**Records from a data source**
□ □ □
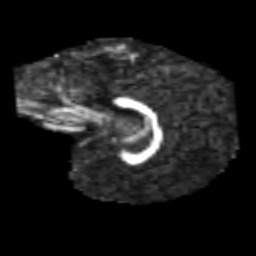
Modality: FA
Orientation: sagittal
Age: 6
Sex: male
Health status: healthy
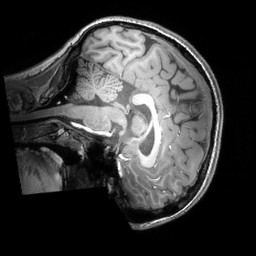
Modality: T1w
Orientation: sagittal
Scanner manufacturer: philips
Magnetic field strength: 7 T
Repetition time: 0.008 s
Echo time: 0.001974 s
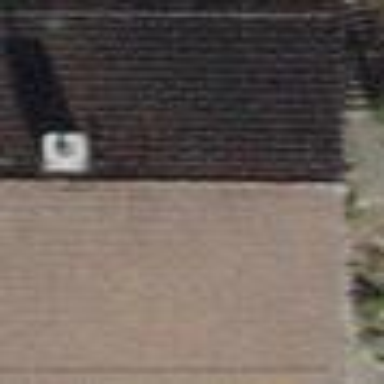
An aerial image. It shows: Building with tiled roof.
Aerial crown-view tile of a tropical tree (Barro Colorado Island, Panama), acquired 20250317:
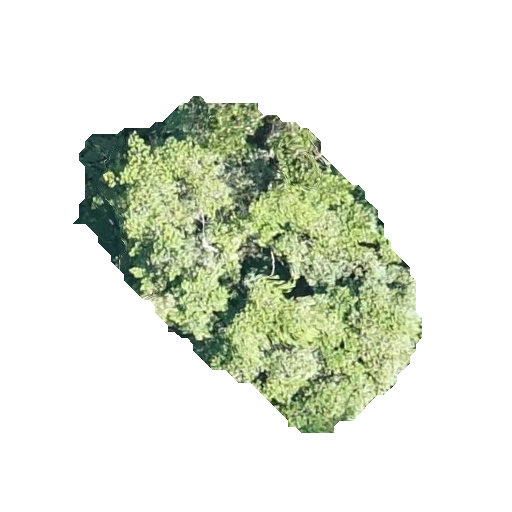
Species: Tabernaemontana arborea
GBIF accepted scientific name: Tabernaemontana arborea
Crown area: 106.332 m²
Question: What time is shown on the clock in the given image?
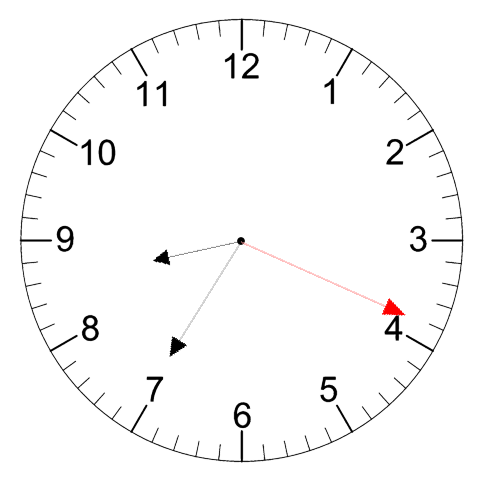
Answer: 08:35:19
□ □ □
Lines of the data above that include the string "time" must each be copied.

**EXERCISE OUTPUT**
Repetition time: 0.008 s
Echo time: 0.001974 s
Question: What time is shown on the clock in the given image?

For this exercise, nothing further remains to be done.